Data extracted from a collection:
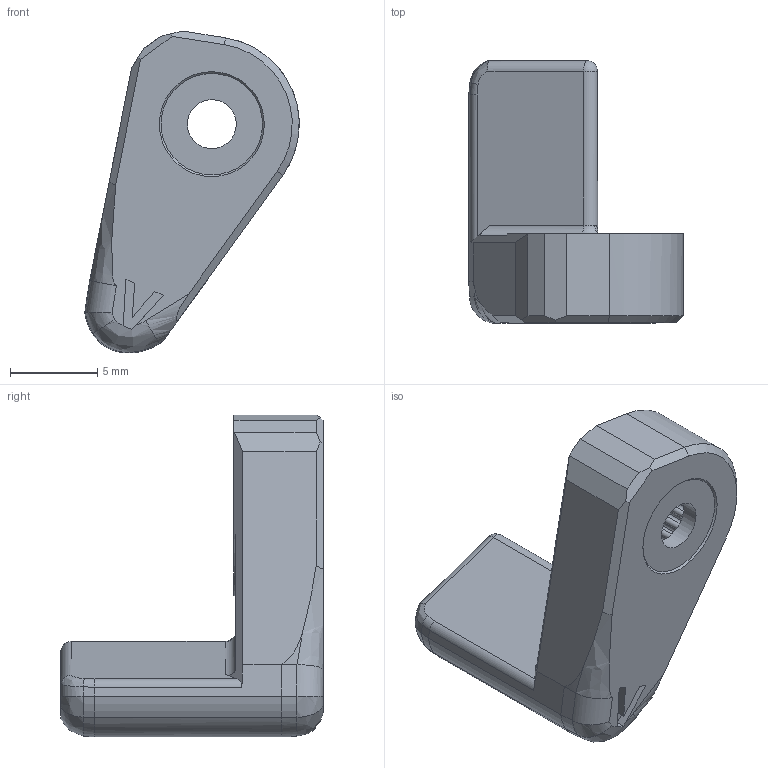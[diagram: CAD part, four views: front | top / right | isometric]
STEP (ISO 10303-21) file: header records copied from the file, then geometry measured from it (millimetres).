
FILE_DESCRIPTION(/* description */ (''),/* implementation_level */ '2;1');
FILE_NAME(/* name */ 'servo_arm_6mm_25T.step',/* time_stamp */ '2024-09-13T20:09:38-04:00',/* author */ (''),/* organization */ (''),/* preprocessor_version */ 'ST-DEVELOPER v20',/* originating_system */ 'Autodesk Translation Framework v13.14.0.145',/* authorisation */ '');
FILE_SCHEMA (('AUTOMOTIVE_DESIGN { 1 0 10303 214 3 1 1 }'));
Length unit declared in the file: millimetre
Products named in the file (1): servo_arm_6mm_25T
Bounding box: 12.26 x 15 x 18.41 mm (x, y, z)
Volume: 818.7 mm3; surface area: 805.9 mm2
Topology: 1 solids, 1 shells, 139 faces, 384 edges, 248 vertices
Faces by surface type: cylinder 82, plane 33, bspline 20, cone 2, torus 1, sphere 1
Full cylindrical faces by diameter (mm): 2.8 x1
Entity records: 5088 total; most frequent: CARTESIAN_POINT 1482, ORIENTED_EDGE 766, DIRECTION 761, EDGE_CURVE 383, AXIS2_PLACEMENT_3D 296, VERTEX_POINT 248, LINE 169, VECTOR 169
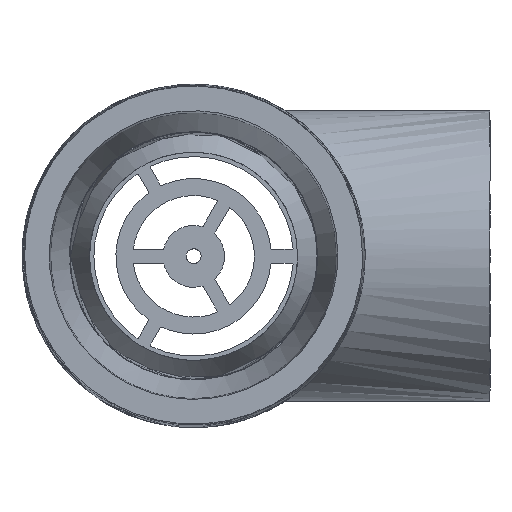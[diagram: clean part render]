
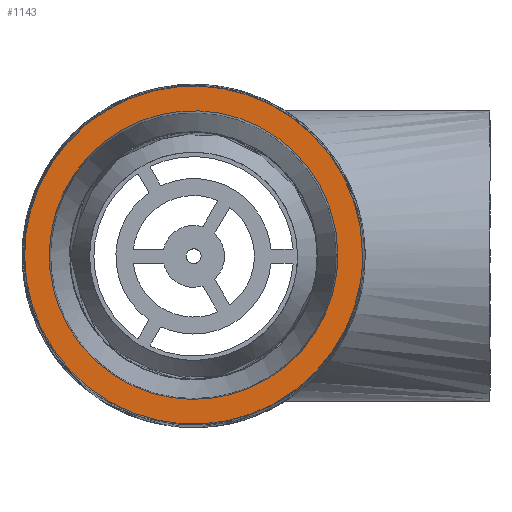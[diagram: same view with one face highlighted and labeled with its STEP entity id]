
A CAD part, top view. The second image highlights one B-rep face of the part: STEP entity #1143.
In plain terms, the highlighted free-form (B-spline) face has degree [1, 1] with [2, 2] control points.
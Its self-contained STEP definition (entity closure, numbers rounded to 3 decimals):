
#823 = CARTESIAN_POINT ('', (13., 0., 73.4));
#824 = VERTEX_POINT ('', #823);
#830 = CARTESIAN_POINT ('', (13., 0., 73.4));
#831 = CARTESIAN_POINT ('', (13., 13., 73.4));
#832 = CARTESIAN_POINT ('', (0., 13., 73.4));
#833 = CARTESIAN_POINT ('', (-13., 13., 73.4));
#834 = CARTESIAN_POINT ('', (-13., 0., 73.4));
#835 = CARTESIAN_POINT ('', (-13., -13., 73.4));
#836 = CARTESIAN_POINT ('', (0., -13., 73.4));
#837 = CARTESIAN_POINT ('', (13., -13., 73.4));
#838 = CARTESIAN_POINT ('', (13., 0., 73.4));
#839 = (
   BOUNDED_CURVE ()
   B_SPLINE_CURVE (2, (#830, #831, #832, #833, #834, #835, #836, #837, #838), .UNSPECIFIED., .T., .U.)
   B_SPLINE_CURVE_WITH_KNOTS ((3, 2, 2, 2, 3), (0., 0.25, 0.5, 0.75, 1.), .UNSPECIFIED.)
   CURVE ()
   GEOMETRIC_REPRESENTATION_ITEM ()
   RATIONAL_B_SPLINE_CURVE ((1., 0.707, 1., 0.707, 1., 0.707, 1., 0.707, 1.))
   REPRESENTATION_ITEM ('')
);
#840 = EDGE_CURVE ('', #824, #824, #839, .T.);
#1119 = ORIENTED_EDGE ('', *, *, #840, .F.);
#1120 = EDGE_LOOP ('', (#1119));
#1121 = FACE_OUTER_BOUND ('', #1120, .F.);
#1122 = CARTESIAN_POINT ('', (11.1, 0., 73.4));
#1123 = VERTEX_POINT ('', #1122);
#1124 = CARTESIAN_POINT ('', (11.1, 0., 73.4));
#1125 = CARTESIAN_POINT ('', (11.1, 11.1, 73.4));
#1126 = CARTESIAN_POINT ('', (0., 11.1, 73.4));
#1127 = CARTESIAN_POINT ('', (-11.1, 11.1, 73.4));
#1128 = CARTESIAN_POINT ('', (-11.1, 0., 73.4));
#1129 = CARTESIAN_POINT ('', (-11.1, -11.1, 73.4));
#1130 = CARTESIAN_POINT ('', (0., -11.1, 73.4));
#1131 = CARTESIAN_POINT ('', (11.1, -11.1, 73.4));
#1132 = CARTESIAN_POINT ('', (11.1, 0., 73.4));
#1133 = (
   BOUNDED_CURVE ()
   B_SPLINE_CURVE (2, (#1124, #1125, #1126, #1127, #1128, #1129, #1130, #1131, #1132), .UNSPECIFIED., .T., .U.)
   B_SPLINE_CURVE_WITH_KNOTS ((3, 2, 2, 2, 3), (0., 0.25, 0.5, 0.75, 1.), .UNSPECIFIED.)
   CURVE ()
   GEOMETRIC_REPRESENTATION_ITEM ()
   RATIONAL_B_SPLINE_CURVE ((1., 0.707, 1., 0.707, 1., 0.707, 1., 0.707, 1.))
   REPRESENTATION_ITEM ('')
);
#1134 = EDGE_CURVE ('', #1123, #1123, #1133, .T.);
#1135 = ORIENTED_EDGE ('', *, *, #1134, .T.);
#1136 = EDGE_LOOP ('', (#1135));
#1137 = FACE_BOUND ('', #1136, .F.);
#1138 = CARTESIAN_POINT ('', (-14.3, -14.3, 73.4));
#1139 = CARTESIAN_POINT ('', (14.3, -14.3, 73.4));
#1140 = CARTESIAN_POINT ('', (-14.3, 14.3, 73.4));
#1141 = CARTESIAN_POINT ('', (14.3, 14.3, 73.4));
#1142 = B_SPLINE_SURFACE_WITH_KNOTS ('', 1, 1, ((#1138, #1139), (#1140, #1141)), .UNSPECIFIED., .F., .F., .U., (2, 2), (2, 2), (0., 1.), (0., 1.), .UNSPECIFIED.);
#1143 = ADVANCED_FACE ('', (#1121, #1137), #1142, .F.);

Exercise requirements
Nothing but the lines from the first line of the data above through the line holding "FILE_DESCRIPTION(/* description */" may appear in the response, copied exactly and without pictures.

Task result
[diagram: CAD part, four views: front | top / right | isometric]
STEP (ISO 10303-21) file: header records copied from the file, then geometry measured from it (millimetres).
FILE_DESCRIPTION(/* description */ (''),/* implementation_level */ '2;1');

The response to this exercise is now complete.